Comment voyez-vous l’avenir de la Fondation d’Haïti? Et quels sont vos plus grands souhaits aux Viateurs haïtiens?
Je réponds théoriquement : que la vie communautaire ressemble à celle des premières communautés chrétiennes racontées dans les Actes, tant par la solidarité de la vie fraternelle que par l’engagement des membres à annoncer l’Évangile. Concrètement : je souhaite que les supérieurs locaux autant que le supérieur de la Fondation contribuent de toutes leurs forces à ce double objectif de la vie viatorienne.
Si vous avez un dernier mot à partager avec nous, frère Lucien, quel serait ce mot?
Je vous aime et je vous souhaite beaucoup de bonheur et de succès dans votre réponse à l’appel du Seigneur sur chacun de vous.
Merci d’avoir répondu à nos questions, nous vous souhaitons un bon voyage!
Hommage
Le frère Lucien, c’est quelqu’un que je connais depuis son arrivée en Haïti. J’ai été souvent dans les mêmes communautés locales avec lui. Aux Gonaïves on a été ensemble à l’école Cyr-Guillo. J’ai été son assistant pendant deux ans. Le frère Lucien est un vrai éducateur. Un directeur d’expérience. Je l’ai connu à la Villa – Manrèse; c’est une personne qui accueille toujours les gens.
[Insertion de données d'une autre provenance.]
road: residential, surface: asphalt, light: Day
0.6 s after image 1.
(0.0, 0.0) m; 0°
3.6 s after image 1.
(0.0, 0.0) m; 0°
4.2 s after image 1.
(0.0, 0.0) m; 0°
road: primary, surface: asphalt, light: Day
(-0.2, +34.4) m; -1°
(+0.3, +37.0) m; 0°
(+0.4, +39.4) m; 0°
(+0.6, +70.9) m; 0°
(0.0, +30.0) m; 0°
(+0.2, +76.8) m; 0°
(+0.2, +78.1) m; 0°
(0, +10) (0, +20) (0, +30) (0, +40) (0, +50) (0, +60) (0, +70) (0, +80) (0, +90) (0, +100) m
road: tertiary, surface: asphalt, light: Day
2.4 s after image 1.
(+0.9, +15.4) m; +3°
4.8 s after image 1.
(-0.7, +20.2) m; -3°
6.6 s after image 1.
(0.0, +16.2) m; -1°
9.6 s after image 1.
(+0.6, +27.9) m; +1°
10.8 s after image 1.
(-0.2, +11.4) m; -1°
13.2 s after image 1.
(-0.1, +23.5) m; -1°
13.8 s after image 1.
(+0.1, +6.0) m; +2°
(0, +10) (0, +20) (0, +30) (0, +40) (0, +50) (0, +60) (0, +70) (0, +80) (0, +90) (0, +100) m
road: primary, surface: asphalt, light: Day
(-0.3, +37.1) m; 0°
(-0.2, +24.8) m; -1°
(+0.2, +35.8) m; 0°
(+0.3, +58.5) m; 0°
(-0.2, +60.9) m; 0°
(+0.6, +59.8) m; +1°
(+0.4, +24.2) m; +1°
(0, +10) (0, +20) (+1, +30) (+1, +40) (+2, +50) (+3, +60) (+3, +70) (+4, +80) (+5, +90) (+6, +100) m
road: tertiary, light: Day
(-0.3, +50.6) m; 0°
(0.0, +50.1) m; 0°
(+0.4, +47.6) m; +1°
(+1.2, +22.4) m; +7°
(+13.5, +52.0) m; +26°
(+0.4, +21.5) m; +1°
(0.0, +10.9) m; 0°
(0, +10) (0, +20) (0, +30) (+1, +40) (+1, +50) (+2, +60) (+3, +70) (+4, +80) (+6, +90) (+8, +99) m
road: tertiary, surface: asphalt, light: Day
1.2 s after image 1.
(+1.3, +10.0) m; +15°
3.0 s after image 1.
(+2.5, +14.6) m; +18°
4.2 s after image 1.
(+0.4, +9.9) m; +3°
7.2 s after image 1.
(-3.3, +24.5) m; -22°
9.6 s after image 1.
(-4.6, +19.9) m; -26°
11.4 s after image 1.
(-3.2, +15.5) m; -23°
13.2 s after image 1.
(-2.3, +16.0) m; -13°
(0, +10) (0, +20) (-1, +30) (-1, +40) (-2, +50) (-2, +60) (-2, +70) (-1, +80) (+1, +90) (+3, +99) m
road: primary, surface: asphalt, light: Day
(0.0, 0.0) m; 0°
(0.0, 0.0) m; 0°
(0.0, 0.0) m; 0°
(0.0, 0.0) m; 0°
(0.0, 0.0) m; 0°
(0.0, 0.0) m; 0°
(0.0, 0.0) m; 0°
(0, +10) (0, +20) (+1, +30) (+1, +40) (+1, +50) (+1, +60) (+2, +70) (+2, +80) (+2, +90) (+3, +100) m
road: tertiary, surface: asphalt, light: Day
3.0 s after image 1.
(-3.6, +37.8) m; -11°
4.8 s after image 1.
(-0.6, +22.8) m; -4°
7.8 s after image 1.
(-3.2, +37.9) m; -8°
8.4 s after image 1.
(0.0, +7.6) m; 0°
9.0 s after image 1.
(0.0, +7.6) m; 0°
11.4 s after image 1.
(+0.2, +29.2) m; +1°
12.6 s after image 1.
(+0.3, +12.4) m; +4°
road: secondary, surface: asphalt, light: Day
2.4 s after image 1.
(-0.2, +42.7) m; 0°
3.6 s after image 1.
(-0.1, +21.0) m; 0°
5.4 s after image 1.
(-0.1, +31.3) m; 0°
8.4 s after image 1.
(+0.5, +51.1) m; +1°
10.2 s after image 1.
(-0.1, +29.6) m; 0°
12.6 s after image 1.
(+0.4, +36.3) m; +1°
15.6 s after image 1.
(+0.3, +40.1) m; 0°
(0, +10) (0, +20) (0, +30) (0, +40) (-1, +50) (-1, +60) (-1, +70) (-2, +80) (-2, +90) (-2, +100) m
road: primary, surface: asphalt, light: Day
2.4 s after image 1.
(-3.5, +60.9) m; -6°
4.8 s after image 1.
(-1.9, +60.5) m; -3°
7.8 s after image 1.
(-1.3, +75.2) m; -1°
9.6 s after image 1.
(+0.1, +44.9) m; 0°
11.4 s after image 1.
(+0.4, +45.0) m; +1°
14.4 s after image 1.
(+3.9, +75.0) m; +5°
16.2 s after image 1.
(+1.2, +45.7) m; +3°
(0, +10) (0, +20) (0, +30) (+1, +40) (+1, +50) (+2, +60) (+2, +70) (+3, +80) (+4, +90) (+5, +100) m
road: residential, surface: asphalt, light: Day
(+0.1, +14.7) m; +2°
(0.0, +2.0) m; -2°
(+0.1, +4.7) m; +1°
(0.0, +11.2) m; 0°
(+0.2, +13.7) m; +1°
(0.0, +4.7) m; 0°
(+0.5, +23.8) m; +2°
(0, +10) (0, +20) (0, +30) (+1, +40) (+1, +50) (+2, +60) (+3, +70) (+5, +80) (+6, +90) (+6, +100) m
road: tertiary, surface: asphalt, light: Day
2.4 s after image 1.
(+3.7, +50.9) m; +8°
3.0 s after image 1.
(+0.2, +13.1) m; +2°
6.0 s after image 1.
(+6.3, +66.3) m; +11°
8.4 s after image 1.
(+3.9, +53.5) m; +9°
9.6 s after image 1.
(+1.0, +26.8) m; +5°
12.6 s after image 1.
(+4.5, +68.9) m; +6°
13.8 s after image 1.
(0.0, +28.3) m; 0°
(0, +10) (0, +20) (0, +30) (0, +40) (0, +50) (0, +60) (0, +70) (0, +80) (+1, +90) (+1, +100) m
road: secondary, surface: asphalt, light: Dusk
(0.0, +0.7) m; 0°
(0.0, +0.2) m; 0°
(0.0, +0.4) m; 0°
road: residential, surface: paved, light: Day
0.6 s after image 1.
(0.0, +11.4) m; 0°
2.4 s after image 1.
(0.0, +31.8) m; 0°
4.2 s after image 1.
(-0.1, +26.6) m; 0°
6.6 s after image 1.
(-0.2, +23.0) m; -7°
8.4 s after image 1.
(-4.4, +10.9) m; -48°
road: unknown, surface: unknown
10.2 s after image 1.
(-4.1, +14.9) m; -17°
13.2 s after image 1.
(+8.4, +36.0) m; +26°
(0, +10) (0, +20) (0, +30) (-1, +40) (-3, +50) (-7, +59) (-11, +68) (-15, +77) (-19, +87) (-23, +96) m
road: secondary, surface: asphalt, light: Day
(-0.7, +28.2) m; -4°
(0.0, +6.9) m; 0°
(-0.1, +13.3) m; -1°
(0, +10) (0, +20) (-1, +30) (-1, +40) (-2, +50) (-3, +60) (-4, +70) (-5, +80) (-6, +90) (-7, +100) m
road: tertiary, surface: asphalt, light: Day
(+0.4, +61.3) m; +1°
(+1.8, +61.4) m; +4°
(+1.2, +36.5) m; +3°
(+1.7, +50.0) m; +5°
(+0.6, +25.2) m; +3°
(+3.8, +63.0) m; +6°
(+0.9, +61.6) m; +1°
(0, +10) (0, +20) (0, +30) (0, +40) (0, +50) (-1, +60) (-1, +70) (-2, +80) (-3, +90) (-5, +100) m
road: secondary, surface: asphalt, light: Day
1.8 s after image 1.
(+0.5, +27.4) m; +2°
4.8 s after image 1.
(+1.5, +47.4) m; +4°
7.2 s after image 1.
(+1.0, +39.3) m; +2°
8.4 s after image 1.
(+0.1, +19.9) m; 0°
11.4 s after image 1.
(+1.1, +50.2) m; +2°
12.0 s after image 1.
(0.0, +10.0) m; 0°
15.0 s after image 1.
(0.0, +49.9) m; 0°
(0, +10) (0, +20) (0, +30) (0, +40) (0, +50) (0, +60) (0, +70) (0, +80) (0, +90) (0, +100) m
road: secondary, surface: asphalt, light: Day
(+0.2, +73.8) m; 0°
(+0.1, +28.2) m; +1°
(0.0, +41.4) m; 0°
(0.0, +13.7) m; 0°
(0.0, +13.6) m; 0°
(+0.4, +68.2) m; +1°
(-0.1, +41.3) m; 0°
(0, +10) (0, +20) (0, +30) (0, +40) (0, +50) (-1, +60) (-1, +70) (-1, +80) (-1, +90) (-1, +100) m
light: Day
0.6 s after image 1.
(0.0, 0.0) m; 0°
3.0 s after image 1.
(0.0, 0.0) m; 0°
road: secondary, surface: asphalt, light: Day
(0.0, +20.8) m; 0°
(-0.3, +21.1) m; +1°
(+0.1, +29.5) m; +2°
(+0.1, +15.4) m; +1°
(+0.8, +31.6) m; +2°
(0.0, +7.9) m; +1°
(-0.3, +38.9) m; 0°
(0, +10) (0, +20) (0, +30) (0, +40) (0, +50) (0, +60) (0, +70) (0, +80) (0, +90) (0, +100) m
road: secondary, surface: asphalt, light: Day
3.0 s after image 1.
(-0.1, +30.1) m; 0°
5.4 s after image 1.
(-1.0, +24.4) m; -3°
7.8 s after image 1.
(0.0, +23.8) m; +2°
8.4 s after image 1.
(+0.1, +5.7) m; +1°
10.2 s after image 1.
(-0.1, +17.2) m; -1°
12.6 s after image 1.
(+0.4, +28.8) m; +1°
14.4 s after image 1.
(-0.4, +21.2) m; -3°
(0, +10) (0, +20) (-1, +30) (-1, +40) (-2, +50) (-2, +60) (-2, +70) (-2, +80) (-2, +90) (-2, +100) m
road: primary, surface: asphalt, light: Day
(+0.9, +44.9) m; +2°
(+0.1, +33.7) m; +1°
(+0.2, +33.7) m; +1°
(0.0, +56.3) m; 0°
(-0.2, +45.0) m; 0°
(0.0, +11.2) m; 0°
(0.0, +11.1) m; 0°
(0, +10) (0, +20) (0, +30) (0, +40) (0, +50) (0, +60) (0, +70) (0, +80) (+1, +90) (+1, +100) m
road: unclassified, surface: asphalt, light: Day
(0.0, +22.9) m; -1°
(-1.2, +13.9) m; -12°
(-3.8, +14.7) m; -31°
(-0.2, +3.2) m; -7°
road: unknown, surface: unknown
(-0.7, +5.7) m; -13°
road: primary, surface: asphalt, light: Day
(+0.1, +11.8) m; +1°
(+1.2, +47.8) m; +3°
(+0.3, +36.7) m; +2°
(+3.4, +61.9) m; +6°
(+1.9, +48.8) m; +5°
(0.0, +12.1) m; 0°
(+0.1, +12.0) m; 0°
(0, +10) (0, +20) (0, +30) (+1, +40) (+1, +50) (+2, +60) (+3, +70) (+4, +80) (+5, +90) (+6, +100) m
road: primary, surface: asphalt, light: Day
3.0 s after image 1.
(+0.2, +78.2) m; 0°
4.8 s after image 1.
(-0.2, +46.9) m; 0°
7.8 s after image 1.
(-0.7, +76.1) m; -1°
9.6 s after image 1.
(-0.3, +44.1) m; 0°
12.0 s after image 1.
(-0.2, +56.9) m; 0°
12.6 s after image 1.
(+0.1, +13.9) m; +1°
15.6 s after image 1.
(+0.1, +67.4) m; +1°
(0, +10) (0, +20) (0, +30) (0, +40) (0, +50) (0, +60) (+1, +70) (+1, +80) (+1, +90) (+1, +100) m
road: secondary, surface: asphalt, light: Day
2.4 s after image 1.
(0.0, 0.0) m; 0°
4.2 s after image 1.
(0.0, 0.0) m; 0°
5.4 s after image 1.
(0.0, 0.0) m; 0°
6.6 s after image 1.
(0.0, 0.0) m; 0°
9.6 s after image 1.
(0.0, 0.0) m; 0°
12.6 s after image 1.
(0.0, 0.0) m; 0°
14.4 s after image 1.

Il est quelqu’un qui se fait toujours prêt pour aider ceux qui sont dans le besoin.
Le frère Lucien a une simplicité extraordinaire, j’ai découvert cette simplicité en lui à Cazeau quand j’étais au noviciat avec le P. Harry, puis à l’Accueil Saint Viateur. Il a toujours été ponctuel à ses rendez-vous. S’il a une réunion avec les gens ou les parents, la réunion doit commencer à temps et finir à temps, ce n’est pas une personne bavarde, c’est un infatigable, quelqu’un qui aime travailler.
Frère Lucien, nous vous remercions pour tous les services rendus à la fondation d’Haïti. La fondation ne vous oubliera jamais. Nous gardons un bon souvenir de vous.
Source :
Échos des Viateurs d’Haïti – Décembre 2014 (PDF).